Petitioner paid unexplained advances representing 33.2 percent of its gross revenues. We find this to be clearly substantial, especially when considering that petitioner spent only 8.9 percent of gross revenues on dinners, picnics and other activities for the elderly. Accordingly, we find that petitioner failed to satisfy the operational test of section 501(c)(3). Our holding effectively disposes of petitioner's remaining arguments.

In sum, we assume that petitioner operated with philanthropic intentions. However, this alone does not guarantee the receipt of tax-exempt status under section 501(c)(3). There are many requirements that*530 must be met, some of which may be elusive to the average layman. Despite petitioner's director's alleged lack of sophistication in the procedures of the Internal Revenue Code, petitioner bears the burden of proving that based on the administrative record respondent's denial of tax-exempt status is incorrect. Hancock Academy of Savannah, Inc. v. Commissioner,69 T.C. 488">69 T.C. 488, 492 (1977); Rule 217(c)(2)(i). Petitioner has failed to meet this burden. Accordingly,

An appropriate order will be entered.


Footnotes

  • *. Brief amicus curiae was filed by Leonard J. Henzke, Esq.

  • 1. This case was assigned pursuant to the provisions of section 7456(d) (redesignated as section 7443A by the Tax Reform Act of 1986, Pub. L. 99-514, section 1556, 100 Stat. 2755) and Rule 180 et seq.

  • 2. All statutory references are to the Internal Revenue Code of 1954, as amended, and as in effect during the year in issue, and all Rule references are to the Tax Court Rules of Practice and Procedure, except as otherwise provided.

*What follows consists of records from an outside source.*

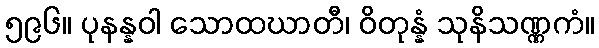
၅၉၆။ ပုနန္နဝါ သောထဃာတီ၊ ဝိတုန္နံ သုနိသဏ္ဏကံ။
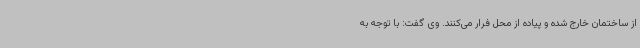
از ساختمان خارج شده و پیاده از محل فرار می‌کنند. وی گفت: با توجه به
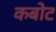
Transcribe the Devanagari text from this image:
कबोट
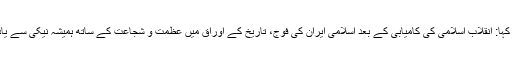
صدر نے کہا: انقلاب اسلامی کی کامیابی کے بعد اسلامی ایران کی فوج، تاریخ کے اوراق میں عظمت و شجاعت کے ساتھ ہمیشہ نیکی سے یاد رہےگی۔
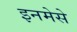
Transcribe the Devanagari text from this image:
इनमेसे
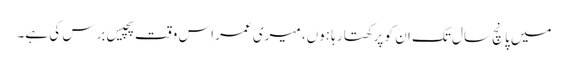
میں پانچ سال تک ان کو پرکھتا رہا ہوں، میری عمر اس وقت پچیس برس کی ہے۔
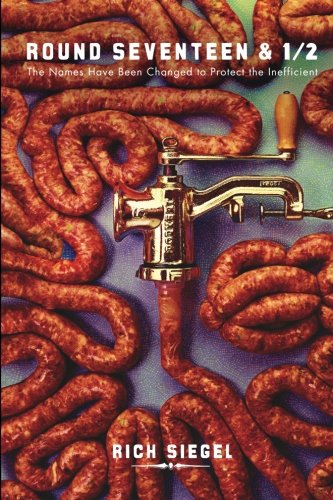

  • 3. Because of the possible ambiguity of certain questions posed by respondent during the administrative proceeding, we allowed petitioner the opportunity to submit certain additional information, subject to respondent's verification. Respondent was unable to substantiate the accuracy of petitioner's supplemental information, and therefore would not stipulate to petitioner's alleged facts. Because this additional information remains unsubstantiated, we base our decision solely on the information contained in the administrative record.

  • 4. Unless otherwise noted, all references are to petitioner's taxable year ending July 31, 1985.

  • 5. Petitioner did not spend any funds on advertising brochures or newspaper articles.

  • 6. Having found that the advances were not for services rendered, we need not decide whether the advances were reasonable in amount. We do, however, feel compelled to address petitioner's argument that any payments made to outside independent contractors are not subject to reasonable compensation standards. Clearly an organization cannot avoid the reasonable compensation requirement by classifying its workers as independent contractors rather than employees. We decline to adopt petitioner's broad rule that is fraught with potential abuse. Rather, we consider that the nature of the payee is one factor to consider in determining whether the amount of the payment is reasonable. This is consistent with World Family Corp. v. Commissioner,81 T.C. 958">81 T.C. 958, 969 (1983), where this Court stated:

    We must consider then whether a commission which may be reasonable when paid to an unrelated third party becomes unreasonable when paid to an individual having a personal and private interest in the payor organization * * *. [Emphasis supplied.]